Well it’s a nasty looking function indeed! I’ve plotted it below for a few typical parameter sets and evolution times.

A lognormal PDF with typical parameter values. Of course, it is highly unlikely that parameter values will stay constant for 4 years – we’ll discuss time dependence of these another day
A more-volatile PDF. Note that even though the mode is falling over time, the mean (which is independent of vol) is still going up due to the fat tails at positive values.

This distribution is really central to a lot of what we do, so I’ll come back to it soon and discuss a few more of its properties. The one other thing to mention is that if we want to calculate an expected value over S (which will turn out to be something we do a lot), we have two approaches – either integrate over \inline p_S(S_t)

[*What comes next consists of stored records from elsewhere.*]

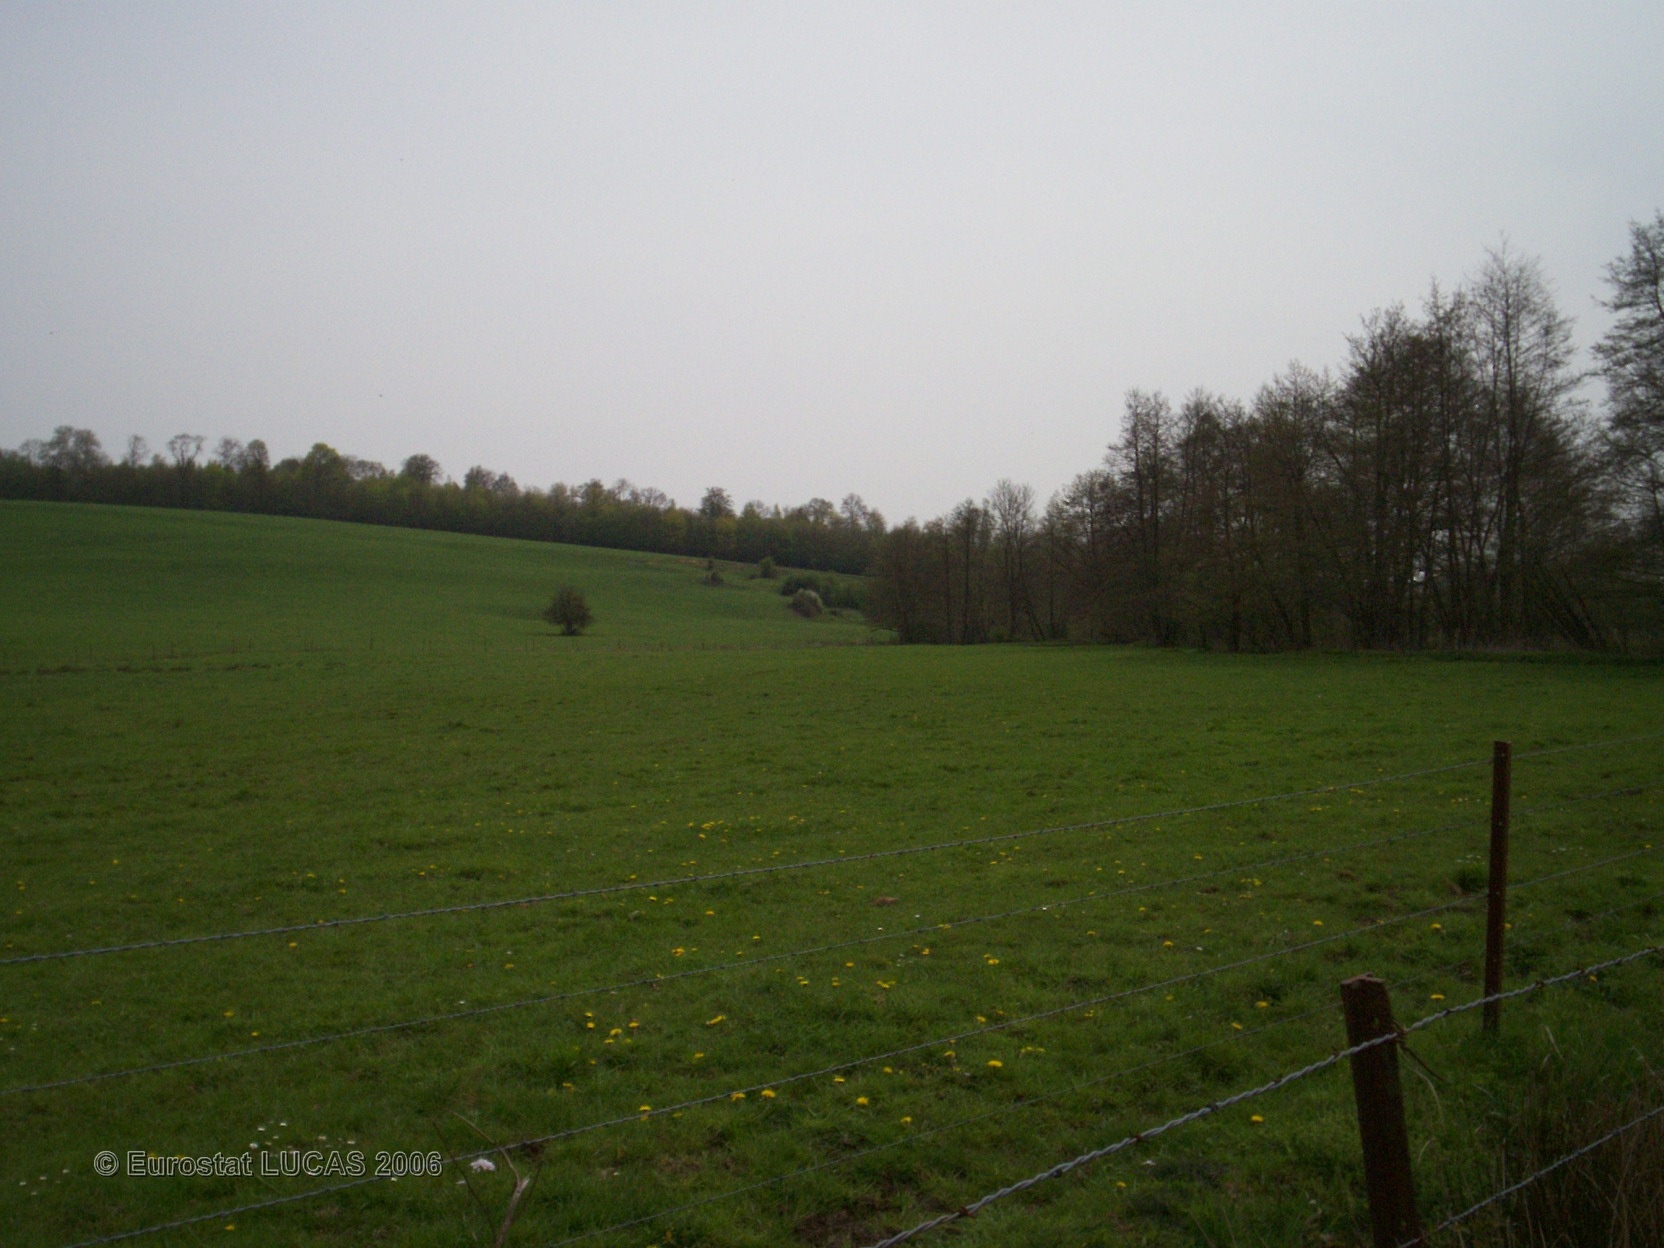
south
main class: Grassland
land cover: Grassland without tree/shrub cover
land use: Agriculture (excluding fallow land and kitchen gardens)
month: May
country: FR
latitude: 49.8659
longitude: 4.3891
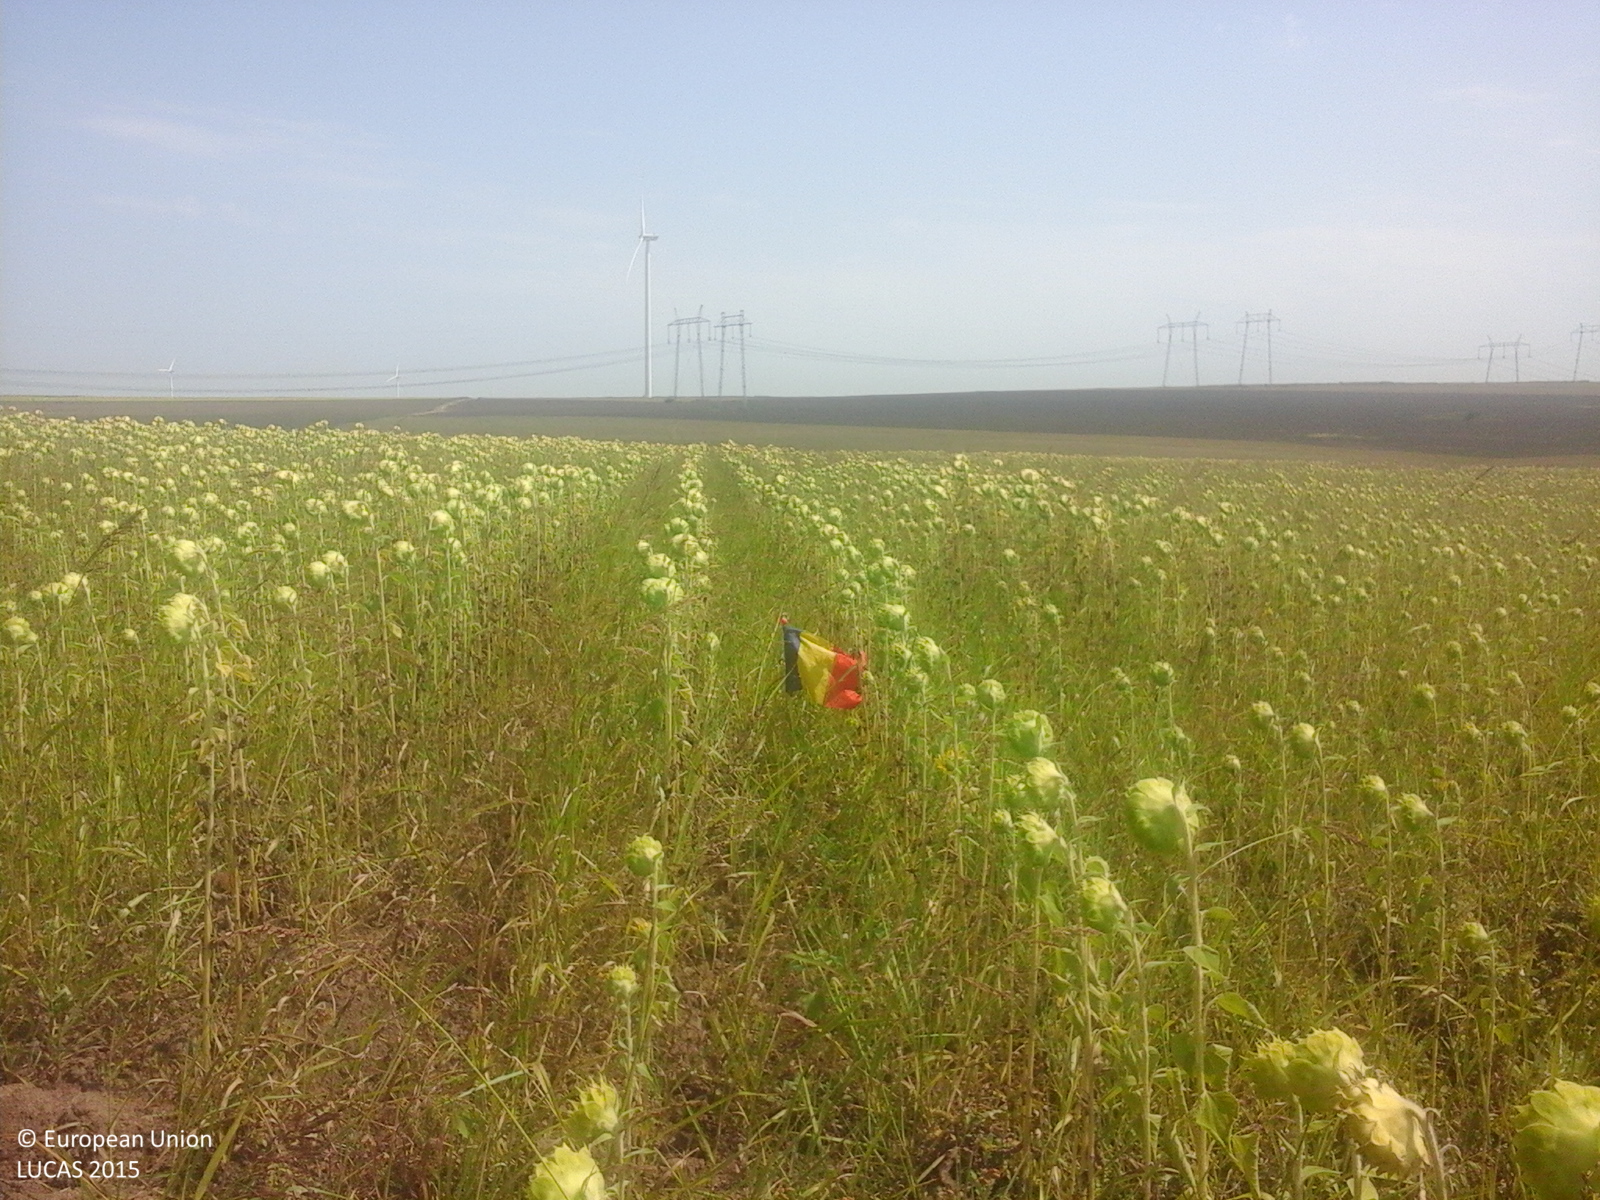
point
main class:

{\mathbb E}[f(S_t)] = \int_0^{\infty} f(S_t)p_S(S_t)dS

or,instead express the function in terms of x instead (using \inline S_t = S_0 e^{(\mu - {1 \over 2}\sigma^2)t + \sigma \sqrt{t} x}) and instead integrate over the normal distribution

{\mathbb E}[f(S_t(x))] = \int_{-\infty}^{\infty} f(x)p_x(x)dx

This is typically the easier option. I think it is called the Law of the Unconscious Statistician. On that note, we’ve certainly covered enough ground for the moment!